MATLAB编程实现方程根的判断 【例】

% Purpose:

% This program solves for the roots of a quadratic equation

% of the form a*x^2 + b*x + c = 0. It calculates the answers

% regardless of the type of roots that the equation possesses.

%

% Define variables:

% a --Coefficient of x^2 term of equation

% b --Coefficient of x term of equation

% c --Constant term of equation

% discriminant --Discriminant of the equation

% imag_part --Imag part of equation (for complex roots)

% real_part --Real part of equation (for complex roots)

% x1 --First solution of equation (for real roots)

% x2 --Second solution of equation (for real roots)

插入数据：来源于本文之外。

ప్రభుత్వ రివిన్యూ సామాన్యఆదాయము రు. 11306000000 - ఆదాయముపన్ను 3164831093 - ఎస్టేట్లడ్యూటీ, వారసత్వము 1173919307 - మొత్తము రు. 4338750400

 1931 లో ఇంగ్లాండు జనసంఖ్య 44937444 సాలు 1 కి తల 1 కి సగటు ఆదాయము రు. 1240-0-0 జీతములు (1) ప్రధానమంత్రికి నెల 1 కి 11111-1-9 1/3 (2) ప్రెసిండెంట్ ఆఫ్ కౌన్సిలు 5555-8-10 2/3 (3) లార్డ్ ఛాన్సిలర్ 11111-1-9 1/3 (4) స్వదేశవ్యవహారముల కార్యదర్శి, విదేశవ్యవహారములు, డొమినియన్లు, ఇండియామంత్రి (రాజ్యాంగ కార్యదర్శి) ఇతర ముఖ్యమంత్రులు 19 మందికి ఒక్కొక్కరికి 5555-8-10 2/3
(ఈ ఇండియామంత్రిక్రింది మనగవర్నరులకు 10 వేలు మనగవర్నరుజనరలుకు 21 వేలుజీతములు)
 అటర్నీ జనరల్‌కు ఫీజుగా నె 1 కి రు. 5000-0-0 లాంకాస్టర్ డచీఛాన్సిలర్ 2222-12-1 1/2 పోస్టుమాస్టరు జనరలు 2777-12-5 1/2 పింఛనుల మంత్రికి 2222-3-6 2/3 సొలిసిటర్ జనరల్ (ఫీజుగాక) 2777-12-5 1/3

% Prompt the user for the coefficients of the equation

disp ('This program solves for the roots of a quadratic ');

disp ('equation of the form A*X^2 + B*X + C = 0.');

a = input('Enter the coefficient A: ');

b = input('Enter the coefficient B: ');

c = input('Enter the coefficient C: ');

% Calculate discriminant

discriminant = b^2 - 4 * a * c;

% Solve for the roots, depending on the vlaue of the discriminant.

if discriminant > 0 % there are two real roots, so ...

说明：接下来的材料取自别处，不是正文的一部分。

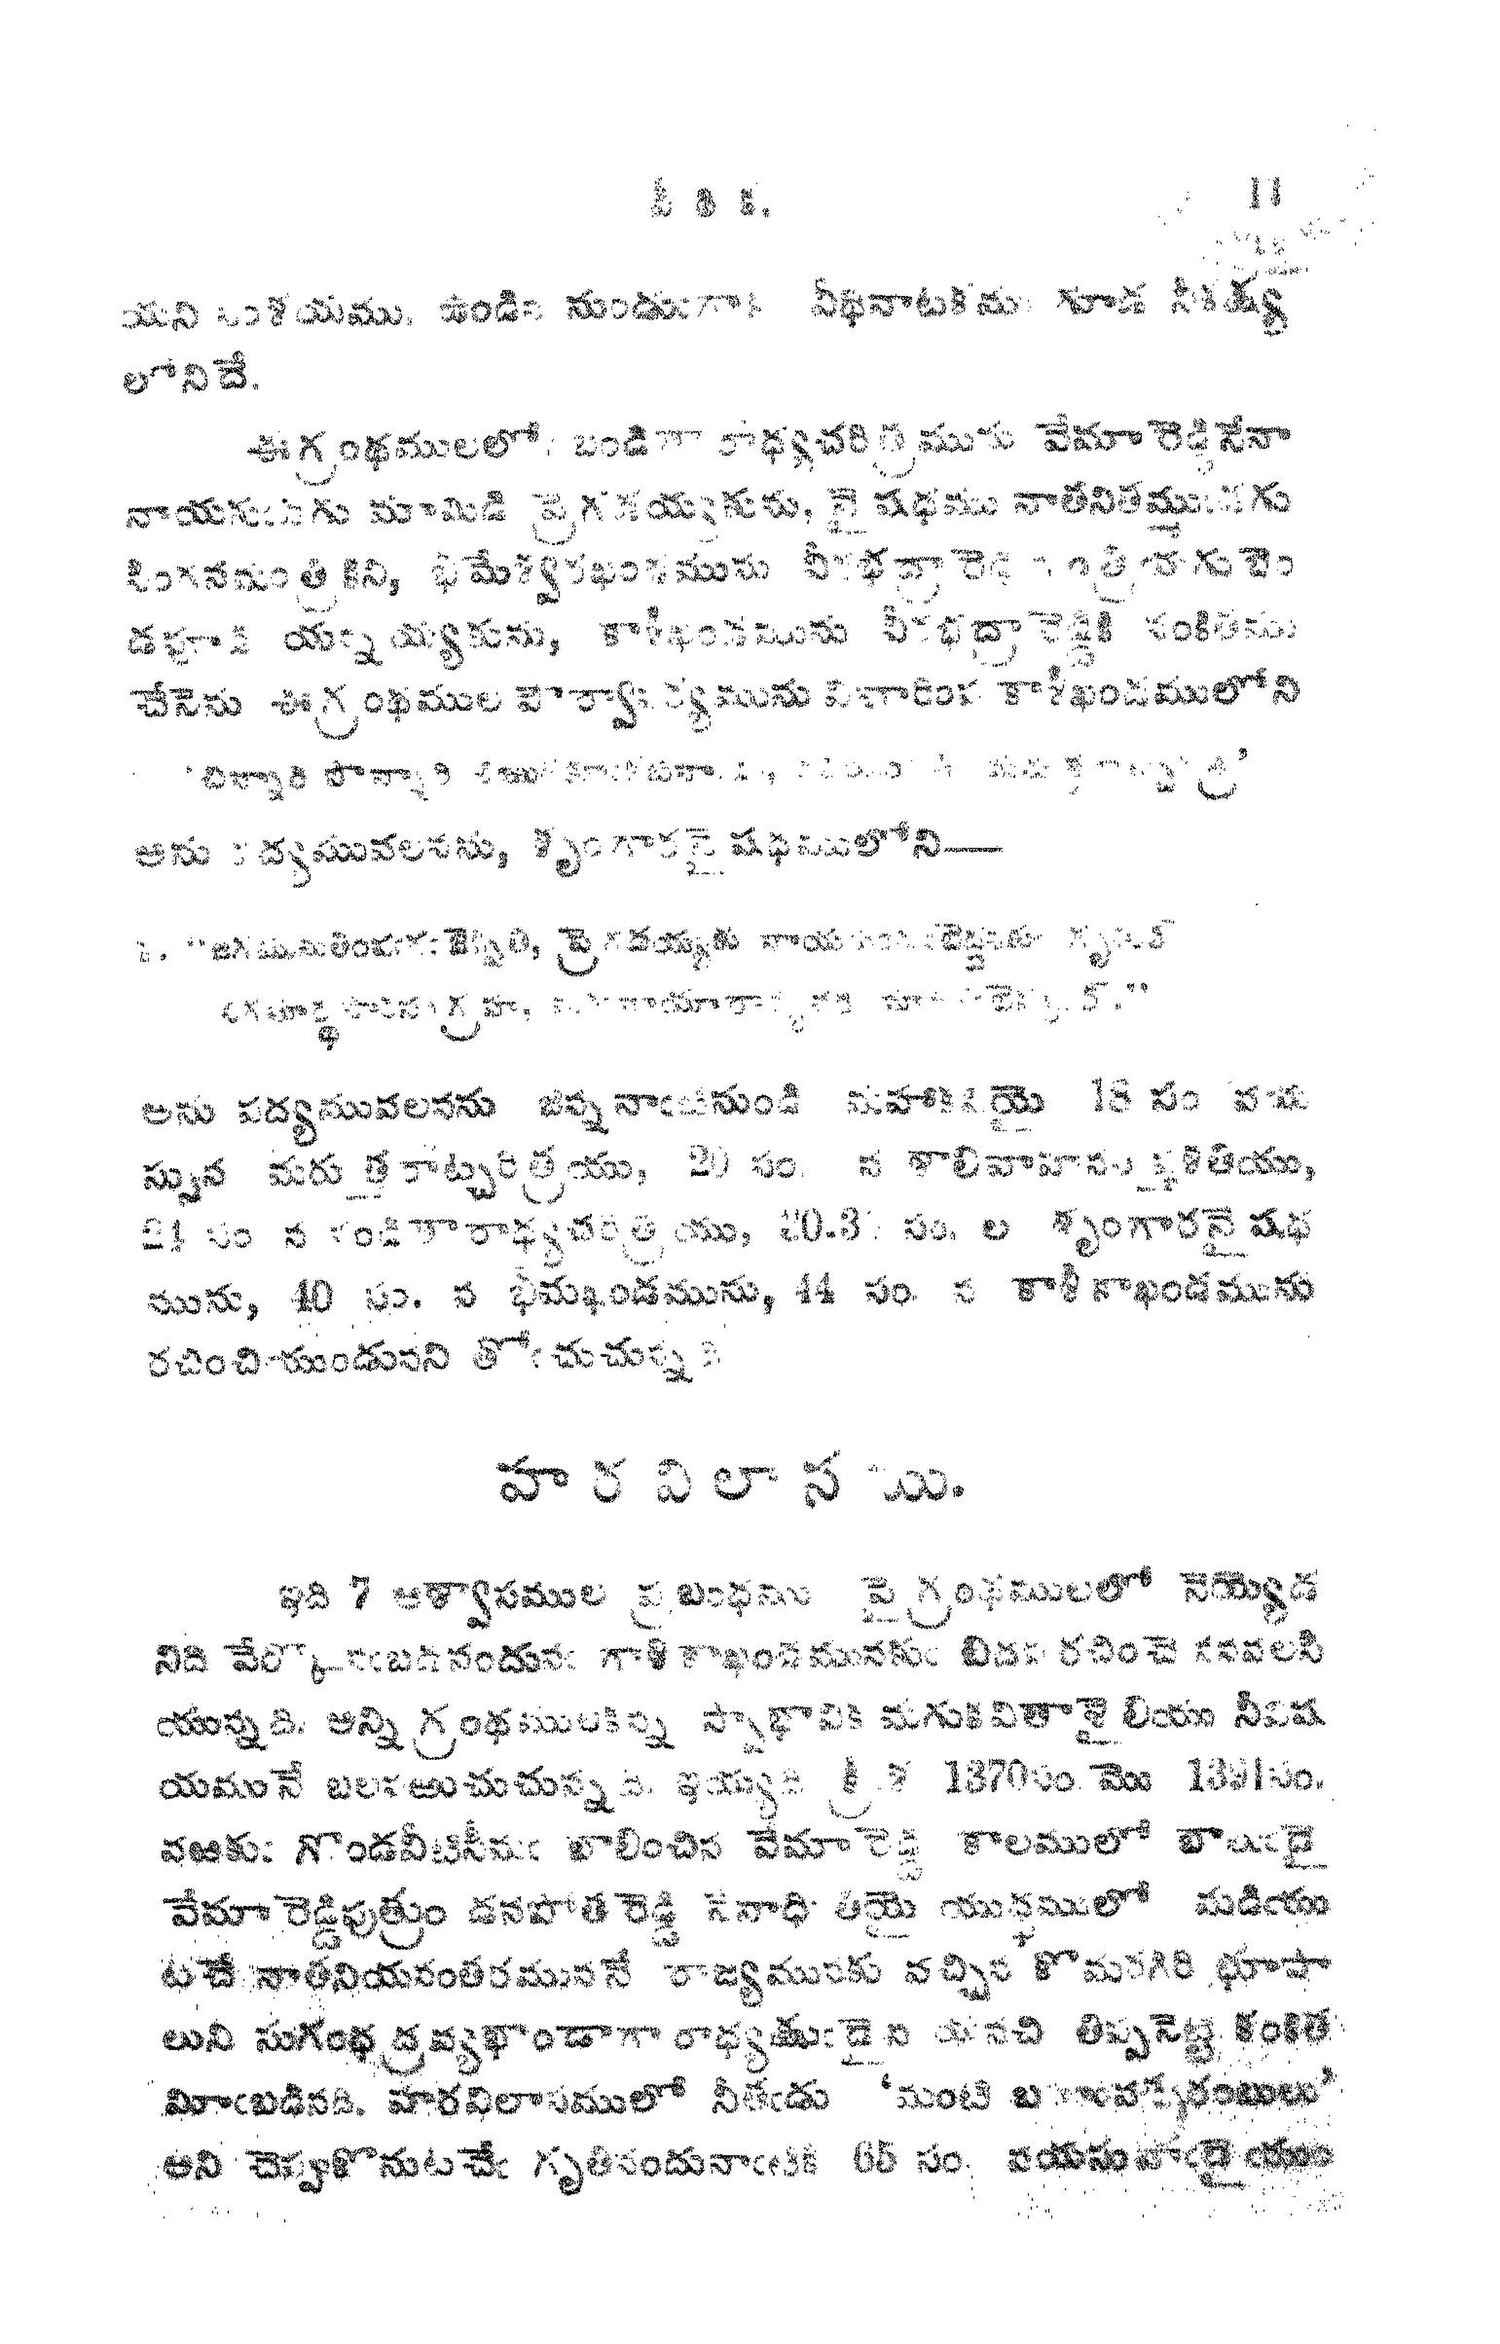యని సంశయము ఉండిన నుండుగాక వీథినాటకము గూడ నీకక్ష్యలోనిదే.

ఈగ్రంథములలో బండితారాధ్యచరిత్రమును వేమారెడ్డిసేనానాయకుఁడగు మామిడి ప్రెగడయ్యకును, నైషధము నాతనితమ్ముఁడగు సింగనమంత్రికిని, భీమేశ్వరఖండమును వీరభద్రారెడ్డి మంత్రియగు బెండపూడి యన్నయ్యకును, కాశీఖండమును వీరభద్రారెడ్డికి నంకితము చేసెను ఈ గ్రంథముల పౌర్వాపర్యములను విచారింప కాశీఖండములోని

‘చిన్నారిపొన్నారిచిఱుతకూఁకటినాఁడు రచియించితిని మరుద్రాట్చరిత్ర’ 
అను పద్యమువలనను, శృంగారనైషధములోని---
“క. జగము నుతింపఁగఁ జెప్పితి, ప్రెగడయ్యకు, నాయనుంగుఁ బెద్దనకుఁ, గృతుల్
నిగమార్థసారసంగ్రహ, మగు నా యారాధ్యచరిత మాదిగఁ బెక్కుల్.” 
అను పద్యమువలనను. జిన్ననాఁటినుండి మహాకవియై 18 సం. వయస్సున మరుత్తరాట్చరిత్రయు, 20 సం. న శాలివాహనసప్తశతియు, 21 సం. న పండితారాధ్యచరిత్రయు, 30-31 సం.ల శృంగారనైషధమును, 40 సం. న భీమఖండమును, 44 సం. న కాశికాఖండమును రచించియుండునని తోఁచుచున్నది.

హరవిలాసము.

ఇది 7 ఆశ్వాసముల ప్రబంధము. పైగ్రంథములలో నెయ్యెడ నిది పేర్కొనబడనందున గాశికాఖండమునకు బిదప రచించె ననవలసియున్నది. అన్ని గ్రంథములకన్న స్వాభావికమగుకవితాశైలియు నీవిషయమునే బలపఱుచుచున్నది. ఇయ్యది క్రీ. శ. 1370 సం. మొ 1391 సం. వఱకుఁ గొండవీటిసీమఁ బాలించిన వేమారెడ్డి కాలములో బాలుఁడై వేమారెడ్డిపుత్రుం డనపోతరెడ్డి సేనాధిపతియై యుద్ధములో మడియుటచే నాతనియనంతరముననే రాజ్యమునకు వచ్చిన కొమరగిరి భూపాలుని సుగంధద్రవ్యభాండాగారాధ్యక్షుఁడైన యవచి తిప్పసెట్టి కంకిత మీఁబడినది. హరవిలాసములో నీతడు 'మంటి బహువత్సరంబులు’ అని చెప్పుకొనుటచేఁ గృతినందునాఁటికి 65 సం. వయసువాఁడైయుం

x1 = (-b + sqrt(discriminant)) / (2*a);

x2 = (-b - sqrt(discriminant)) / (2*a);

disp('This equation has two real roots:');

fprintf('x1 = %f\n', x1);

fprintf('x2 = %f\n', x2);

elseif discriminant == 0 % there is one repeated root, so ...

x1 = ( -b ) / (2*a);

disp('This equation has two identical real roots:');

fprintf('x1 = x2 = %f\n', x1);

else % there are complex roots, so ...

real_part = (-b) / (2*a);

imag_part = sqrt( abs(discriminant)) / (2*a);

disp('This equation has complex roots:');

fprintf('x1 = %f + i %f \n',real_part, imag_part);

fprintf('x1 + %f - i %f \n', real_part, imag_part);

end